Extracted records
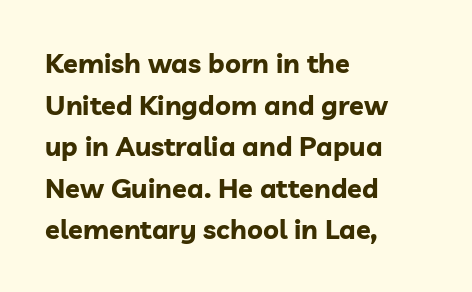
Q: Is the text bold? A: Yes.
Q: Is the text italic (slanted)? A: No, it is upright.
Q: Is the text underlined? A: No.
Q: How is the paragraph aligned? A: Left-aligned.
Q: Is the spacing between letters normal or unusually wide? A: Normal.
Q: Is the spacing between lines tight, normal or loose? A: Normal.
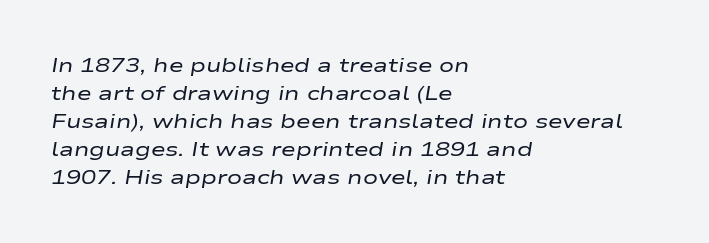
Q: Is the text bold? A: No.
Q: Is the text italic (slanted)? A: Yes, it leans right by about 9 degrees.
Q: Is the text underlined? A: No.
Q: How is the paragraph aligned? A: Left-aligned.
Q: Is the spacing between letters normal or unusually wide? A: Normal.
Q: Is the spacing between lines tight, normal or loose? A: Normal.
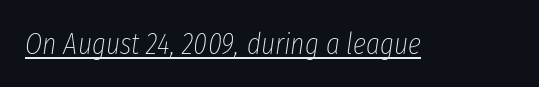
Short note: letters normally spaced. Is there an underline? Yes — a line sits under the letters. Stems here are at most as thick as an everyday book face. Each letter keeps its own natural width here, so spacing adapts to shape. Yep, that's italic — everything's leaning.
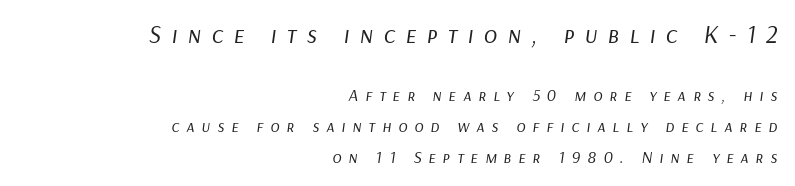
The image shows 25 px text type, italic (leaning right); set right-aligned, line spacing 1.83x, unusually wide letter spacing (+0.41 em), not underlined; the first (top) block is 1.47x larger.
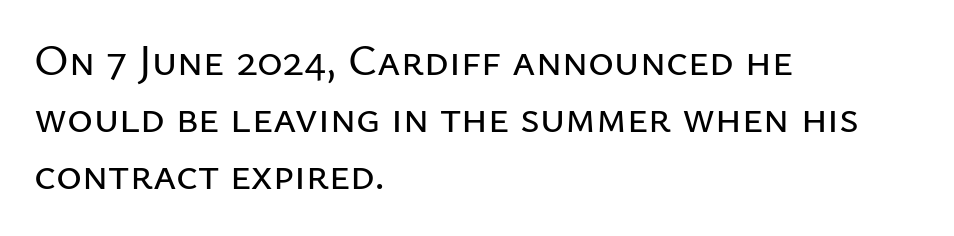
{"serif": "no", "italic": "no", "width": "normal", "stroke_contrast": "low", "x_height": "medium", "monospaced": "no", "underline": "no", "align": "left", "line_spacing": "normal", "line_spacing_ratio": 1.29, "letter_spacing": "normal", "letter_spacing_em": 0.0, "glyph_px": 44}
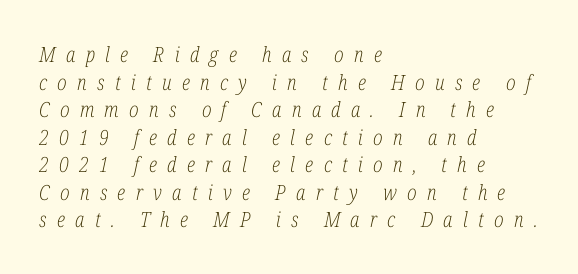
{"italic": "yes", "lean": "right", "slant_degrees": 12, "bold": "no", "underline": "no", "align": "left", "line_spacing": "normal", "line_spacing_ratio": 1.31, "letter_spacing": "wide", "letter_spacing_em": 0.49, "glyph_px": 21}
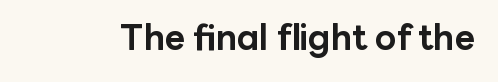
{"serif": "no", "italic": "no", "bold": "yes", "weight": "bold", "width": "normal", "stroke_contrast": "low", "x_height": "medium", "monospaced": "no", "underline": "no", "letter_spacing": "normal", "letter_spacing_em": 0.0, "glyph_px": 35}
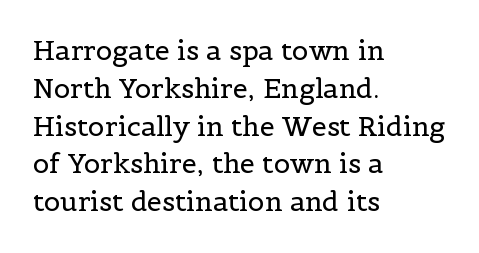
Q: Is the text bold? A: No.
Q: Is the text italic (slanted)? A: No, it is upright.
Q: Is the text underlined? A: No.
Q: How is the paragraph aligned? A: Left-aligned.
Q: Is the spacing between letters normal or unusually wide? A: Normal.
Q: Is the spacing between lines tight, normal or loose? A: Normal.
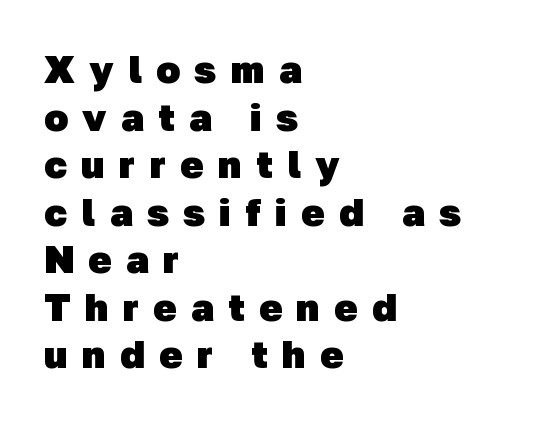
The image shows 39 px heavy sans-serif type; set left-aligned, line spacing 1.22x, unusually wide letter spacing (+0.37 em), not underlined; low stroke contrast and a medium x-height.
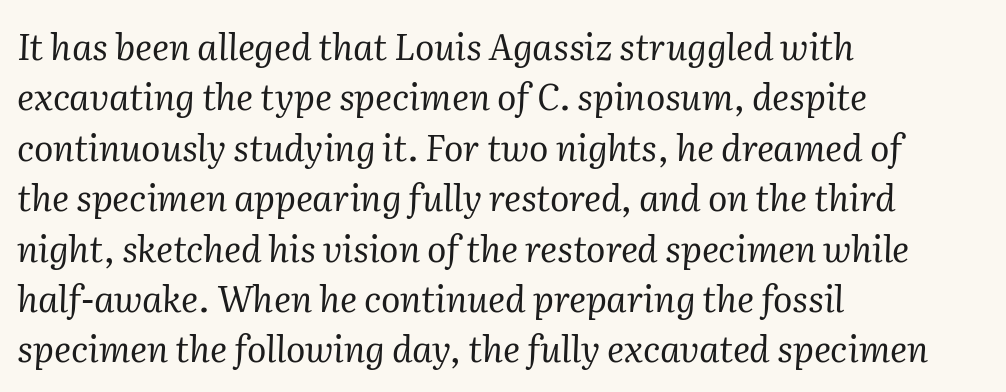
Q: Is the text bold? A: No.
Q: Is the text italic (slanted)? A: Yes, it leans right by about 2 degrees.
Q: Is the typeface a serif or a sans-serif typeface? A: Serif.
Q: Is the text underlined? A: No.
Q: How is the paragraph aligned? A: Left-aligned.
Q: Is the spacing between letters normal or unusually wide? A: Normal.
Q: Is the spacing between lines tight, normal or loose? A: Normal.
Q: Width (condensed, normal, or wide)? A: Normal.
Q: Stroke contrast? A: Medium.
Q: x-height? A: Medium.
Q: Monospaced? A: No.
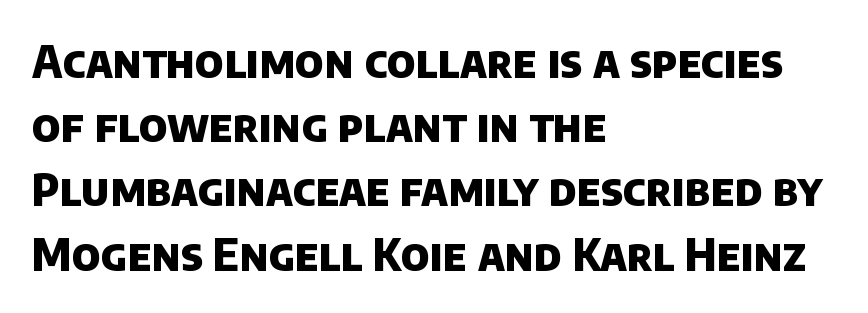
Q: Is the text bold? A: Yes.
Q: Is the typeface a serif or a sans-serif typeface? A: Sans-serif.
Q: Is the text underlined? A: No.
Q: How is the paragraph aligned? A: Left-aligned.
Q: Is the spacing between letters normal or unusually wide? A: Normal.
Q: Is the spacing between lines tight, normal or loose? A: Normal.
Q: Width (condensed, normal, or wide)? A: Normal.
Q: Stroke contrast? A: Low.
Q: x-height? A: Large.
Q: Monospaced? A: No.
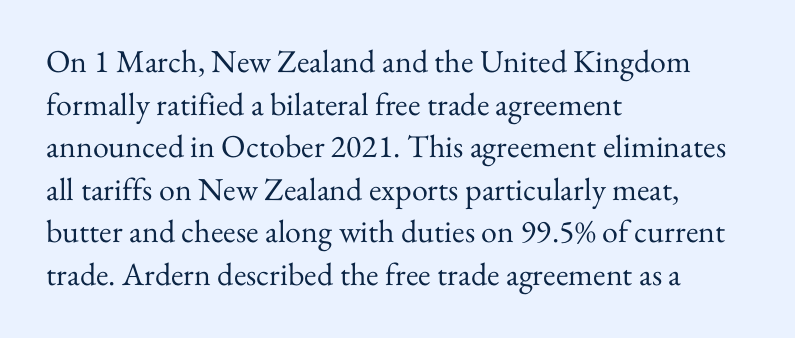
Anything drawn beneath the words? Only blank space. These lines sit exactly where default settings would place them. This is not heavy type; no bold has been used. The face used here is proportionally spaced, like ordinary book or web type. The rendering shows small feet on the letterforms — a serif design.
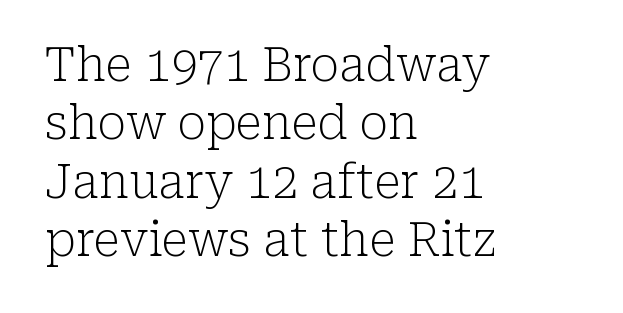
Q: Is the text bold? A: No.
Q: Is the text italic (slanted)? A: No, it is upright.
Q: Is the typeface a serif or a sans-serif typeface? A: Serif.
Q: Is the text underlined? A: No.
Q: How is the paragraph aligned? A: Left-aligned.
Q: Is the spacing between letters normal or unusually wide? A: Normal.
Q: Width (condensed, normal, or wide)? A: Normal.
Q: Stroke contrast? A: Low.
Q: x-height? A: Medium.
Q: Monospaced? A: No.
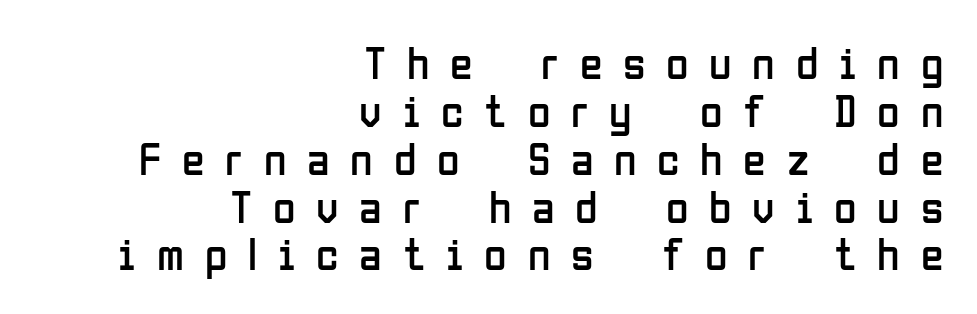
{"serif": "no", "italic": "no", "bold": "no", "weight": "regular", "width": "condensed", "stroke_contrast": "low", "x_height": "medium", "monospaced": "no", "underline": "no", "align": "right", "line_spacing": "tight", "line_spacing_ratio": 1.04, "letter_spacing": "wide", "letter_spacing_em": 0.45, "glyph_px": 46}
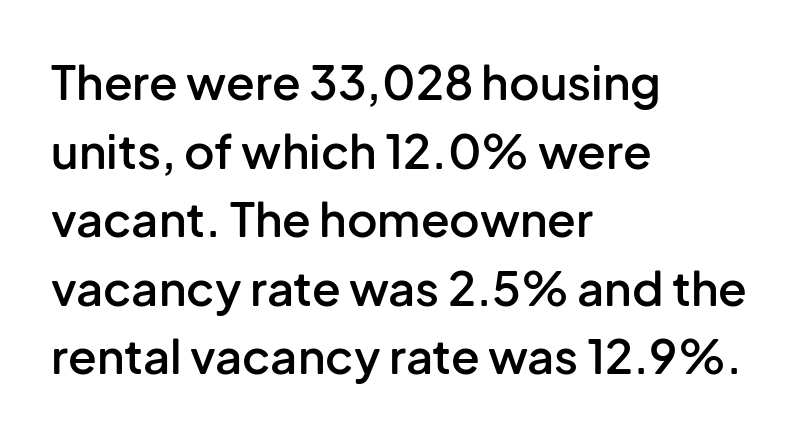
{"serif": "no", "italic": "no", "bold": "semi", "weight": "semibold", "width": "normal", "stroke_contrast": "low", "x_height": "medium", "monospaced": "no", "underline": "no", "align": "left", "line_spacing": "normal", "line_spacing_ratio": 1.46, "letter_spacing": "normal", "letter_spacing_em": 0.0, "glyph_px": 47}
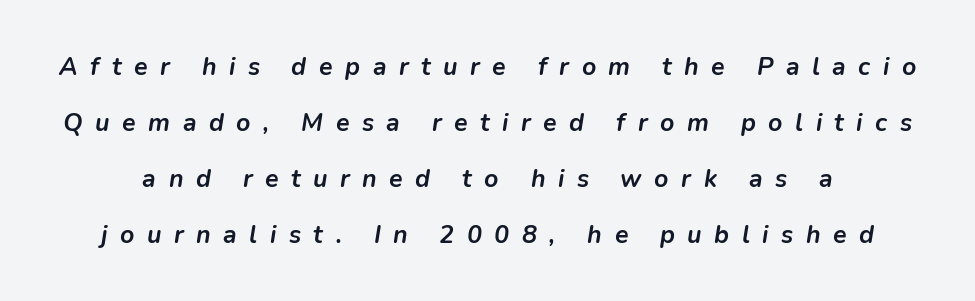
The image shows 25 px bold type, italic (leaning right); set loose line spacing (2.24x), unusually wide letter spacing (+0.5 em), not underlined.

EXERCISE
The reply should reproduce every entry above word for word and contain no pictures.

WRITTEN RESPONSE
Q: Is the text bold? A: Yes.
Q: Is the text italic (slanted)? A: No, it is upright.
Q: Is the text underlined? A: No.
Q: How is the paragraph aligned? A: Left-aligned.
Q: Is the spacing between letters normal or unusually wide? A: Normal.
Q: Is the spacing between lines tight, normal or loose? A: Normal.
Q: Is the text bold? A: No.
Q: Is the text italic (slanted)? A: Yes, it leans right by about 9 degrees.
Q: Is the text underlined? A: No.
Q: How is the paragraph aligned? A: Left-aligned.
Q: Is the spacing between letters normal or unusually wide? A: Normal.
Q: Is the spacing between lines tight, normal or loose? A: Normal.
Short note: letters normally spaced. Is there an underline? Yes — a line sits under the letters. Stems here are at most as thick as an everyday book face. Each letter keeps its own natural width here, so spacing adapts to shape. Yep, that's italic — everything's leaning.
The image shows 25 px text type, italic (leaning right); set right-aligned, line spacing 1.83x, unusually wide letter spacing (+0.41 em), not underlined; the first (top) block is 1.47x larger.
{"serif": "no", "italic": "no", "width": "normal", "stroke_contrast": "low", "x_height": "medium", "monospaced": "no", "underline": "no", "align": "left", "line_spacing": "normal", "line_spacing_ratio": 1.29, "letter_spacing": "normal", "letter_spacing_em": 0.0, "glyph_px": 44}
{"italic": "yes", "lean": "right", "slant_degrees": 12, "bold": "no", "underline": "no", "align": "left", "line_spacing": "normal", "line_spacing_ratio": 1.31, "letter_spacing": "wide", "letter_spacing_em": 0.49, "glyph_px": 21}
{"serif": "no", "italic": "no", "bold": "yes", "weight": "bold", "width": "normal", "stroke_contrast": "low", "x_height": "medium", "monospaced": "no", "underline": "no", "letter_spacing": "normal", "letter_spacing_em": 0.0, "glyph_px": 35}
Q: Is the text bold? A: No.
Q: Is the text italic (slanted)? A: No, it is upright.
Q: Is the text underlined? A: No.
Q: How is the paragraph aligned? A: Left-aligned.
Q: Is the spacing between letters normal or unusually wide? A: Normal.
Q: Is the spacing between lines tight, normal or loose? A: Normal.
The image shows 39 px heavy sans-serif type; set left-aligned, line spacing 1.22x, unusually wide letter spacing (+0.37 em), not underlined; low stroke contrast and a medium x-height.
Q: Is the text bold? A: No.
Q: Is the text italic (slanted)? A: Yes, it leans right by about 2 degrees.
Q: Is the typeface a serif or a sans-serif typeface? A: Serif.
Q: Is the text underlined? A: No.
Q: How is the paragraph aligned? A: Left-aligned.
Q: Is the spacing between letters normal or unusually wide? A: Normal.
Q: Is the spacing between lines tight, normal or loose? A: Normal.
Q: Width (condensed, normal, or wide)? A: Normal.
Q: Stroke contrast? A: Medium.
Q: x-height? A: Medium.
Q: Monospaced? A: No.
Q: Is the text bold? A: Yes.
Q: Is the typeface a serif or a sans-serif typeface? A: Sans-serif.
Q: Is the text underlined? A: No.
Q: How is the paragraph aligned? A: Left-aligned.
Q: Is the spacing between letters normal or unusually wide? A: Normal.
Q: Is the spacing between lines tight, normal or loose? A: Normal.
Q: Width (condensed, normal, or wide)? A: Normal.
Q: Stroke contrast? A: Low.
Q: x-height? A: Large.
Q: Monospaced? A: No.
Anything drawn beneath the words? Only blank space. These lines sit exactly where default settings would place them. This is not heavy type; no bold has been used. The face used here is proportionally spaced, like ordinary book or web type. The rendering shows small feet on the letterforms — a serif design.
Q: Is the text bold? A: No.
Q: Is the text italic (slanted)? A: No, it is upright.
Q: Is the typeface a serif or a sans-serif typeface? A: Serif.
Q: Is the text underlined? A: No.
Q: How is the paragraph aligned? A: Left-aligned.
Q: Is the spacing between letters normal or unusually wide? A: Normal.
Q: Width (condensed, normal, or wide)? A: Normal.
Q: Stroke contrast? A: Low.
Q: x-height? A: Medium.
Q: Monospaced? A: No.
{"serif": "no", "italic": "no", "bold": "no", "weight": "regular", "width": "condensed", "stroke_contrast": "low", "x_height": "medium", "monospaced": "no", "underline": "no", "align": "right", "line_spacing": "tight", "line_spacing_ratio": 1.04, "letter_spacing": "wide", "letter_spacing_em": 0.45, "glyph_px": 46}
{"serif": "no", "italic": "no", "bold": "semi", "weight": "semibold", "width": "normal", "stroke_contrast": "low", "x_height": "medium", "monospaced": "no", "underline": "no", "align": "left", "line_spacing": "normal", "line_spacing_ratio": 1.46, "letter_spacing": "normal", "letter_spacing_em": 0.0, "glyph_px": 47}
The image shows 25 px bold type, italic (leaning right); set loose line spacing (2.24x), unusually wide letter spacing (+0.5 em), not underlined.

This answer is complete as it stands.